В рамках советского номинального конституционализма была сконструирована модель федерализма, не имеющая аналогов в сравнительной перспективе. Во-первых, в ее основу был положен фактически конфедеративный принцип (в интересах мировой коммунистической экспансии), выражением которого стало сохранение права сецессии (без фиксации механизма ее юридического осуществления); во-вторых, вопреки общепринятой трактовке федерализма (закрепленной в «Декларации» и «Договоре об образовании СССР»), субъекты федерации не получили равного правового статуса – они подразделялись на союзные республики, некоторые из которых (РСФСР, ЗСФСР) включали свои собственные субъекты; в-третьих, вопреки декларируемой цели, принцип национально-территориального самоопределения не был последовательно проведен как единый критерий выделения субъектов (они конструировались на основе выделения титульной нации, в ряде случаев составлявшей меньшинство соответствующего субъекта), а попытка скорректировать эту схему введением национальных автономий была проведена непоследовательно (в одних случаях они создавались, в других нет).
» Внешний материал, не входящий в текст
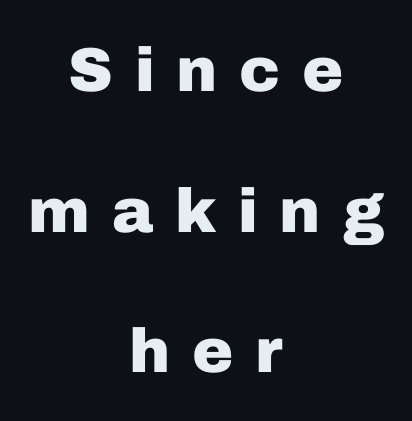
Q: Is the text bold? A: Yes.
Q: Is the text italic (slanted)? A: No, it is upright.
Q: Is the typeface a serif or a sans-serif typeface? A: Sans-serif.
Q: Is the text underlined? A: No.
Q: How is the paragraph aligned? A: Centered.
Q: Is the spacing between letters normal or unusually wide? A: Unusually wide.
Q: Is the spacing between lines tight, normal or loose? A: Loose.
Q: Width (condensed, normal, or wide)? A: Normal.
Q: Stroke contrast? A: Low.
Q: x-height? A: Medium.
Q: Monospaced? A: No.
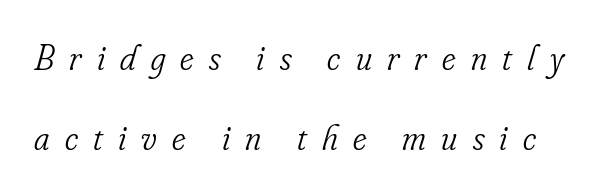
Check where the strokes stop: tiny serifs finish them off. Leading is clearly above the norm, producing a sparse column. Is the stroke heavy? The answer is a plain regular-or-lighter. Quick note: italic. The passage shown has open, widely tracked lettering throughout.
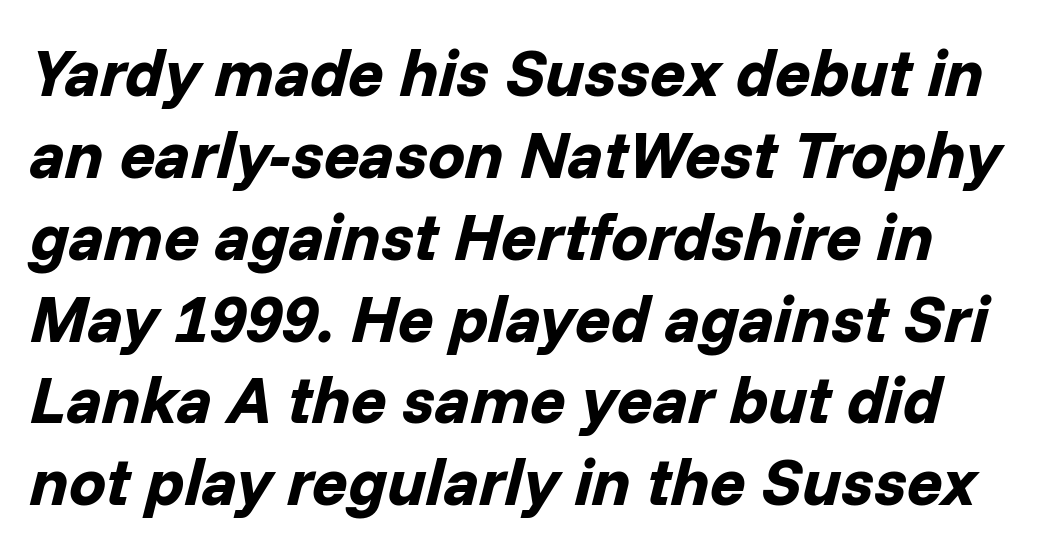
The image shows 66 px bold type, italic (leaning right); set line spacing 1.24x, normal letter spacing, not underlined; low stroke contrast and a medium x-height.
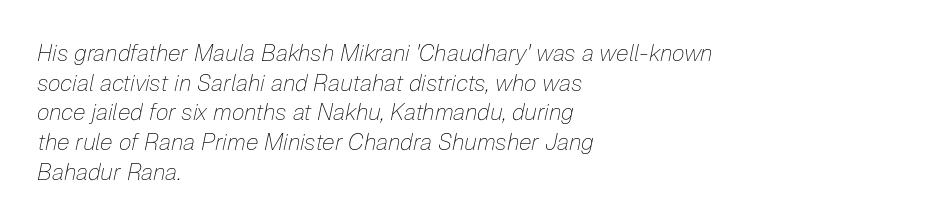
{"italic": "yes", "lean": "right", "slant_degrees": 12, "bold": "no", "underline": "no", "align": "left", "line_spacing": "normal", "line_spacing_ratio": 1.29, "letter_spacing": "normal", "letter_spacing_em": 0.0, "glyph_px": 23}
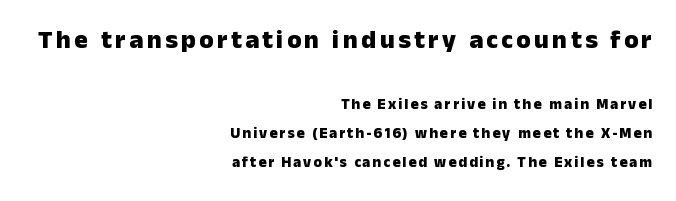
The image shows 26 px bold type, upright; set right-aligned, loose line spacing (1.94x), not underlined; the first (top) block is 1.73x larger.
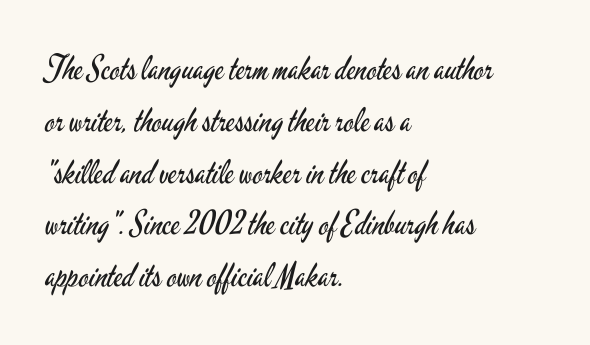
The image shows 33 px regular-weight, condensed sans-serif type; set left-aligned, normal line spacing (1.57x), normal letter spacing, not underlined; low stroke contrast and a small x-height.
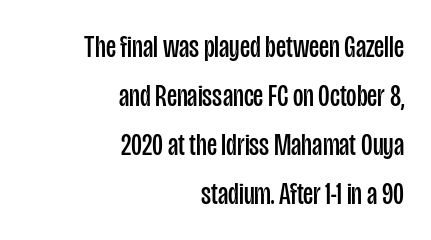
{"serif": "no", "italic": "no", "bold": "no", "weight": "regular", "width": "condensed", "stroke_contrast": "low", "x_height": "large", "monospaced": "no", "underline": "no", "align": "right", "line_spacing": "normal", "line_spacing_ratio": 1.53, "letter_spacing": "normal", "letter_spacing_em": 0.0, "glyph_px": 32}
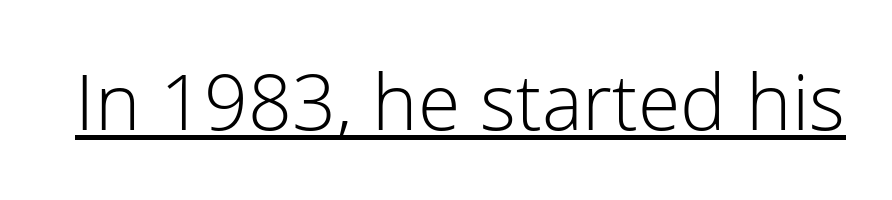
{"serif": "no", "italic": "no", "bold": "no", "weight": "light", "width": "normal", "stroke_contrast": "low", "x_height": "medium", "monospaced": "no", "underline": "yes", "letter_spacing": "normal", "letter_spacing_em": 0.0, "glyph_px": 77}
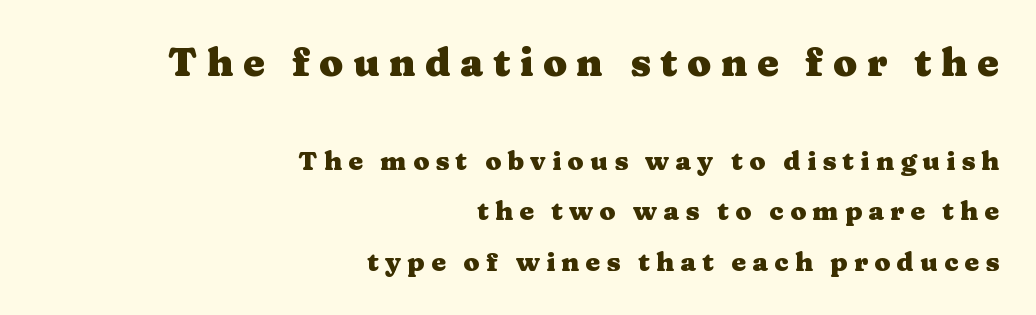
{"serif": "yes", "italic": "no", "bold": "yes", "weight": "heavy", "width": "wide", "stroke_contrast": "medium", "x_height": "medium", "monospaced": "no", "underline": "no", "align": "right", "line_spacing": "loose", "line_spacing_ratio": 1.94, "letter_spacing": "wide", "letter_spacing_em": 0.24, "larger_block": "first", "size_ratio": 1.5, "glyph_px": 39}
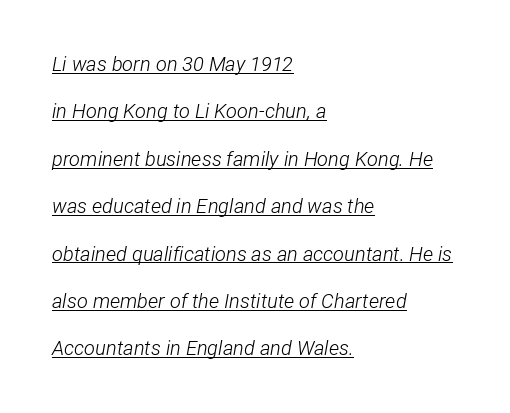
{"italic": "yes", "lean": "right", "slant_degrees": 12, "bold": "no", "underline": "yes", "align": "left", "line_spacing": "loose", "line_spacing_ratio": 2.37, "letter_spacing": "normal", "letter_spacing_em": 0.0, "glyph_px": 20}
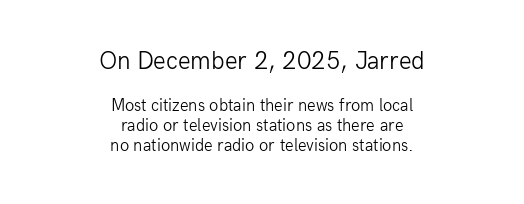
Q: Is the text bold? A: No.
Q: Is the text italic (slanted)? A: No, it is upright.
Q: Is the text underlined? A: No.
Q: How is the paragraph aligned? A: Centered.
Q: Is the spacing between letters normal or unusually wide? A: Normal.
Q: Which block of text is set in a larger size, the first (top) or the second (bottom)? A: The first (top) one.
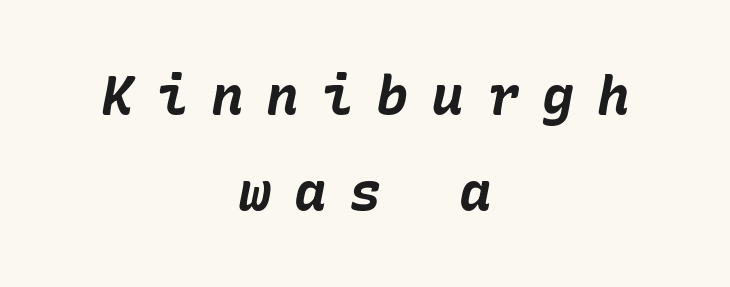
The space beneath each line is pristine and unruled. The sample has been set heavy, in full bold. Does the copy run flush right? No — it is centered line by line. Would a proofreader flag this as italicized? Yes. The gaps between neighbouring characters are conspicuously large.
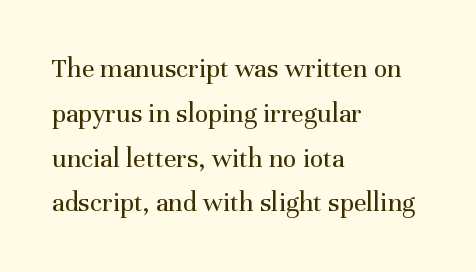
{"serif": "yes", "italic": "no", "bold": "no", "weight": "regular", "width": "normal", "stroke_contrast": "medium", "x_height": "medium", "monospaced": "no", "underline": "no", "align": "left", "line_spacing": "normal", "line_spacing_ratio": 1.6, "letter_spacing": "normal", "letter_spacing_em": 0.0, "glyph_px": 28}
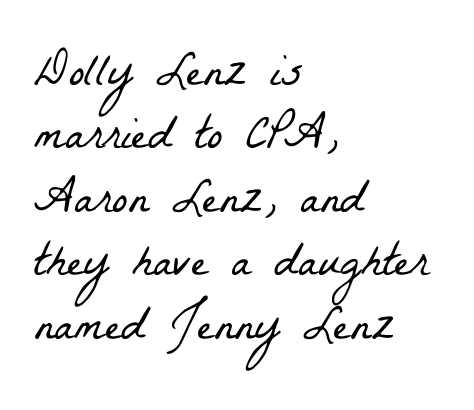
The image shows 47 px light, condensed serif type; set left-aligned, normal line spacing (1.35x), normal letter spacing, not underlined; low stroke contrast and a medium x-height.
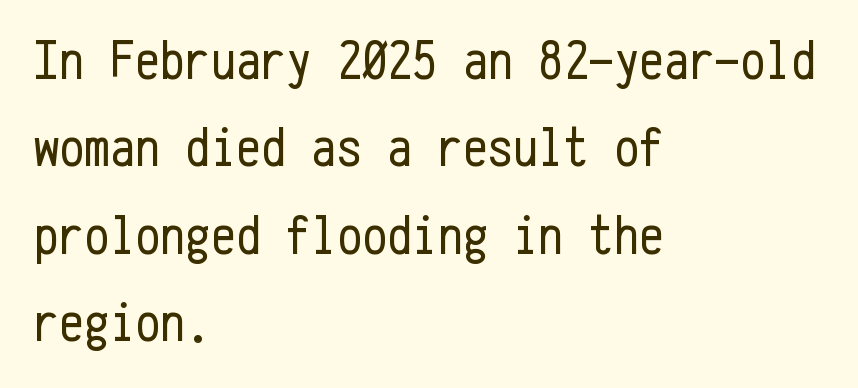
The image shows 56 px regular-weight, condensed sans-serif type, upright, monospaced; set left-aligned, normal line spacing (1.56x), normal letter spacing, not underlined; low stroke contrast and a medium x-height.
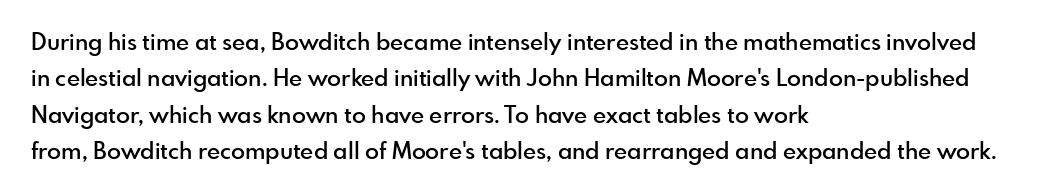
Q: Is the text bold? A: Semi-bold.
Q: Is the text italic (slanted)? A: No, it is upright.
Q: Is the text underlined? A: No.
Q: How is the paragraph aligned? A: Left-aligned.
Q: Is the spacing between letters normal or unusually wide? A: Normal.
Q: Is the spacing between lines tight, normal or loose? A: Normal.
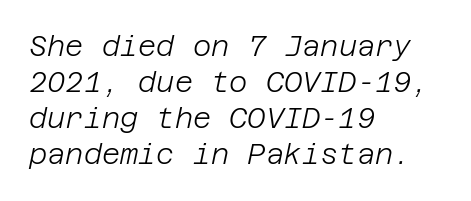
Unbolded letterforms with no extra heft. Students, note that the glyphs here touch the page at normal intervals. The rendering uses a moderate line-height, typical for paragraphs. A typesetter would mark this as italic. Horizontally, the lines are justified to the leading edge only. No word sits above an underline.
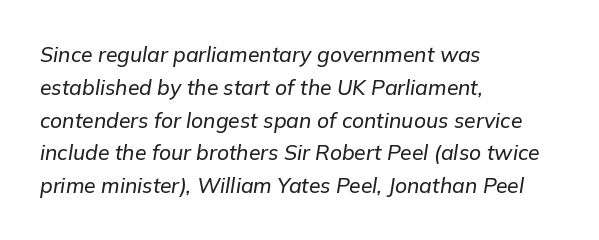
Q: Is the text italic (slanted)? A: Yes, it leans right by about 9 degrees.
Q: Is the text underlined? A: No.
Q: How is the paragraph aligned? A: Left-aligned.
Q: Is the spacing between letters normal or unusually wide? A: Normal.
Q: Is the spacing between lines tight, normal or loose? A: Normal.
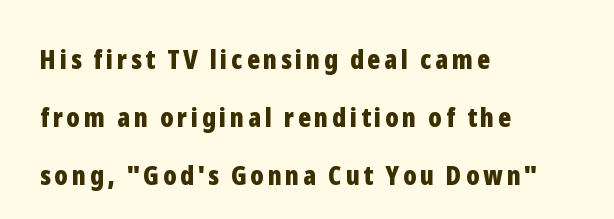
Type without underlining. Whoever set this chose breathing room over compactness in the vertical rhythm. Typeset ragged right — the left edge is the straight one. Strong, thick strokes mark this as bold type.
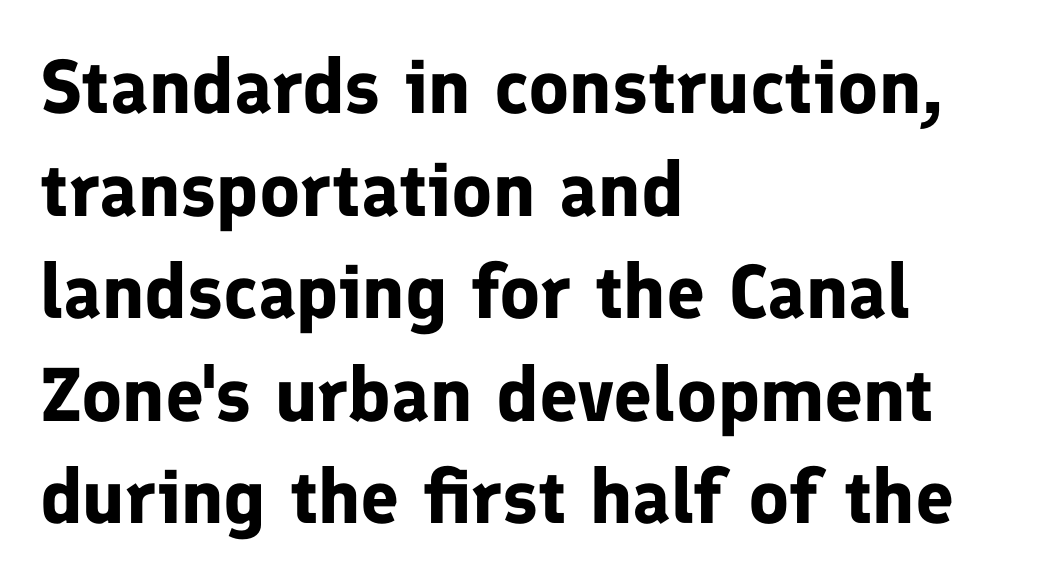
The image shows 76 px bold sans-serif type, upright; set left-aligned, normal line spacing (1.35x), normal letter spacing, not underlined; low stroke contrast and a medium x-height.
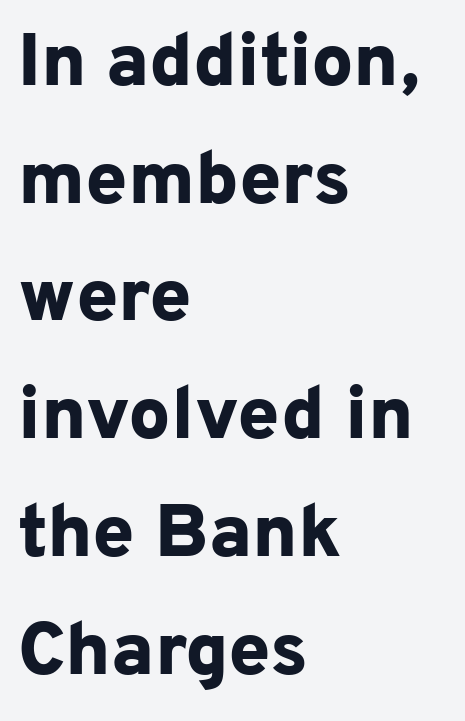
Q: Is the text bold? A: Yes.
Q: Is the text italic (slanted)? A: No, it is upright.
Q: Is the typeface a serif or a sans-serif typeface? A: Sans-serif.
Q: Is the text underlined? A: No.
Q: How is the paragraph aligned? A: Left-aligned.
Q: Is the spacing between letters normal or unusually wide? A: Normal.
Q: Is the spacing between lines tight, normal or loose? A: Normal.
Q: Width (condensed, normal, or wide)? A: Normal.
Q: Stroke contrast? A: Low.
Q: x-height? A: Medium.
Q: Monospaced? A: No.
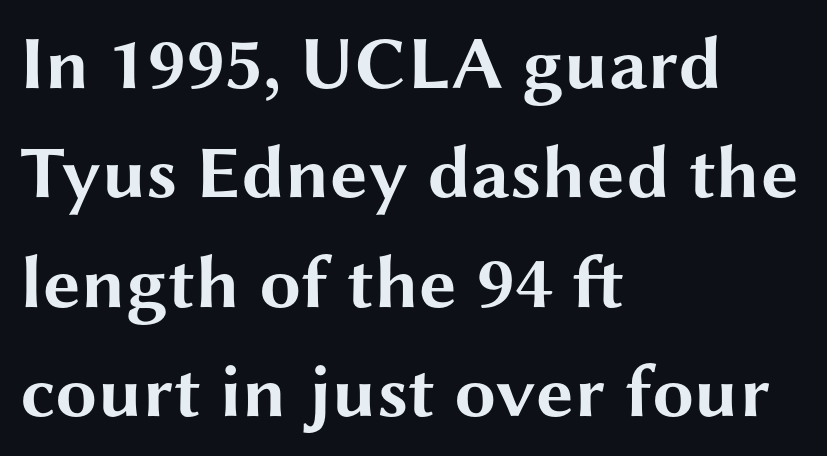
The image shows 75 px bold, wide sans-serif type, upright; set left-aligned, normal line spacing (1.46x), normal letter spacing, not underlined; medium stroke contrast and a medium x-height.
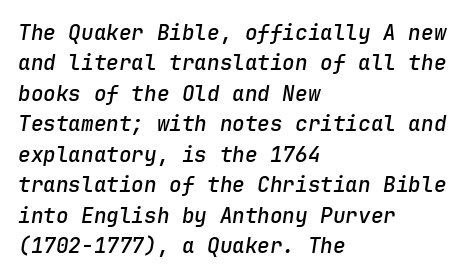
Q: Is the text bold? A: Semi-bold.
Q: Is the text italic (slanted)? A: Yes, it leans right by about 9 degrees.
Q: Is the text underlined? A: No.
Q: How is the paragraph aligned? A: Left-aligned.
Q: Is the spacing between letters normal or unusually wide? A: Normal.
Q: Is the spacing between lines tight, normal or loose? A: Normal.
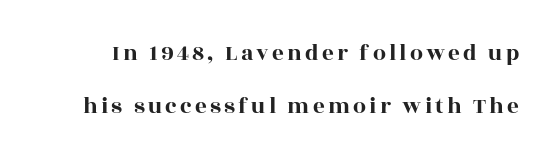
The image shows 23 px text type, upright; set loose line spacing (2.3x), not underlined.
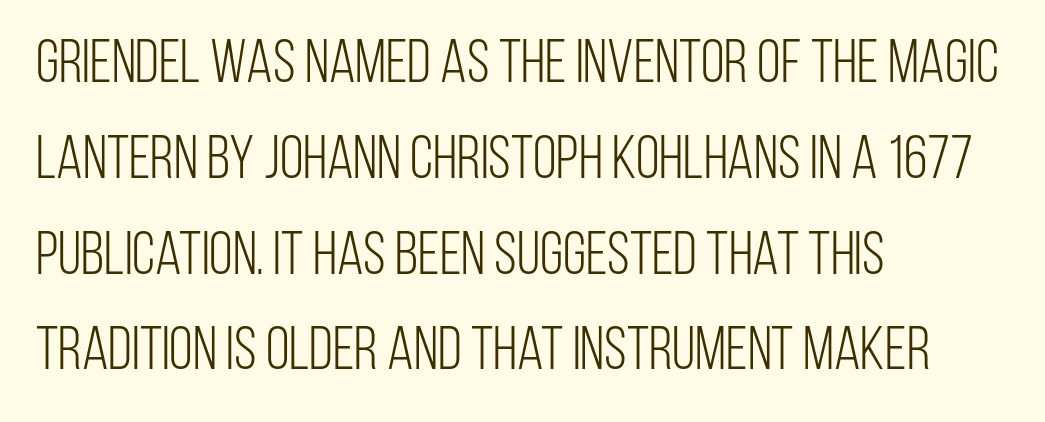
Q: Is the text bold? A: No.
Q: Is the text italic (slanted)? A: No, it is upright.
Q: Is the typeface a serif or a sans-serif typeface? A: Sans-serif.
Q: Is the text underlined? A: No.
Q: How is the paragraph aligned? A: Left-aligned.
Q: Is the spacing between letters normal or unusually wide? A: Normal.
Q: Is the spacing between lines tight, normal or loose? A: Normal.
Q: Width (condensed, normal, or wide)? A: Condensed.
Q: Stroke contrast? A: Low.
Q: x-height? A: Large.
Q: Monospaced? A: No.
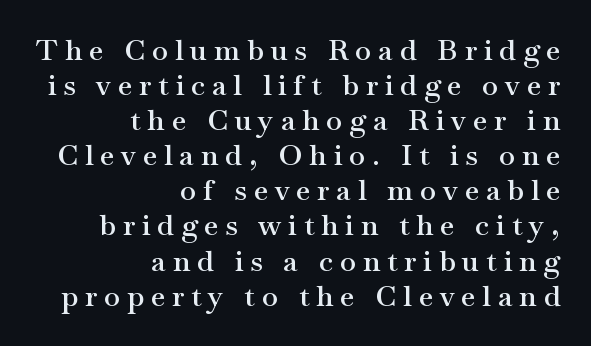
{"serif": "yes", "italic": "no", "bold": "semi", "weight": "semibold", "width": "wide", "stroke_contrast": "medium", "x_height": "small", "monospaced": "no", "underline": "no", "align": "right", "line_spacing_ratio": 1.21, "letter_spacing": "wide", "letter_spacing_em": 0.24, "glyph_px": 29}
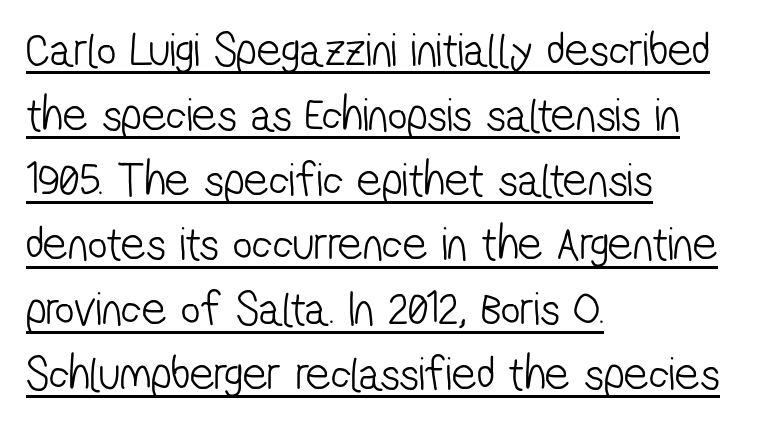
Does the copy run flush right? No — it runs flush left. The passage shown is underscored from start to finish. These lines are composed in type without serifs. Weight: regular or lighter. Normally led — the rows are evenly, conventionally spaced. Do the characters align in a grid? No, the font is proportional.
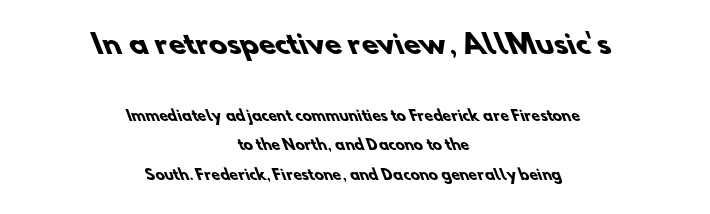
Caption: bold face, heavy strokes. Check the space under the baseline: it is left empty. These lines stand farther apart than default settings would place them. Is the block centered? Yes — each line is placed symmetrically about the middle.
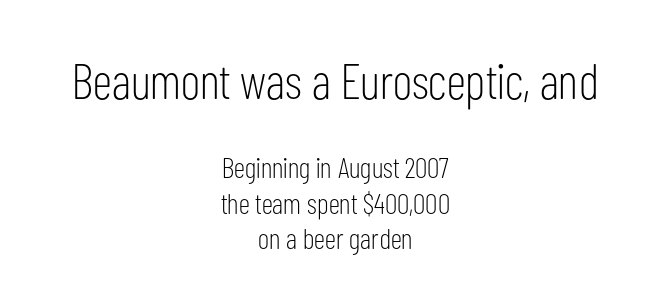
Words appear dense and cohesive because spacing is normal. The face used here is proportionally spaced, like ordinary book or web type. The zone under the glyphs is completely vacant. In terms of letterform style, serifs are entirely absent. The lines are quadded center. Quick note: not italic, upright.
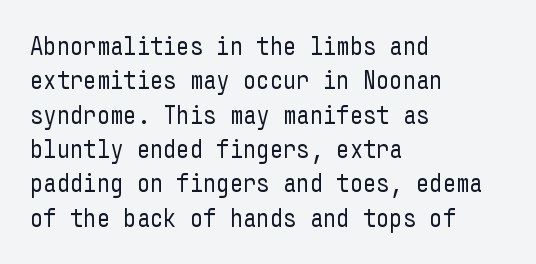
Q: Is the text bold? A: No.
Q: Is the text italic (slanted)? A: No, it is upright.
Q: Is the text underlined? A: No.
Q: How is the paragraph aligned? A: Left-aligned.
Q: Is the spacing between letters normal or unusually wide? A: Normal.
Q: Is the spacing between lines tight, normal or loose? A: Normal.

Концепция государственного суверенитета вступала в силу в его ограниченной трактовке – в основу была положена не гражданская нация или народ, а воля ее передового класса (однопартийная диктатура).
2. Почему оказалась недееспособна конструкция федерализма
Главной целью Конституции СССР 1924 г. было оформление на конституционном уровне факта образования СССР, в связи с чем она практически не касалась вопросов общественного строя, прав и свобод граждан союзных республик, но на деле создавала новую реальность по этим параметрам.
Советский федерализм рассматривался прежде всего как инструмент окончательного разрешения так называемого «национального вопроса», формой его реализации выступала советская система государственного устройства, а содержание усматривалось в осуществлении классовой воли – диктатуры пролетариата. Проблема организации законодательной власти в федеративном государстве заключается в таком распределении полномочий союзных и республиканских институтов, которое обеспечивает права субъектов федерации[858]
. Отвергнув две основные модели образования федерации – принцип экстерриториальности и культурно-национальной (национально-персональной) автономии, которые вполне могли стать основой государственного строя[859], партия положила в основу противоречивый территориально-национальный принцип – «с таким расчетом, чтобы в каждой республике была одна численно преобладающая национальность». Проведение данного принципа во имя «избежания национальной «чресполосицы» не могло быть осуществлено последовательно, поскольку за его рамками оставалось «громадное количество нацмен, находящихся вне пределов своей национальных республики», или вовсе не имевших «своих республик в нашем союзе»[860]. Выход из этого противоречия мог быть найден только в рамках квазифедеративной структуры, подкрепленной направленным территориальным размежеванием регионов[861], идеологическими и административными рычагами – интернациональным воспитанием и кадровой политикой.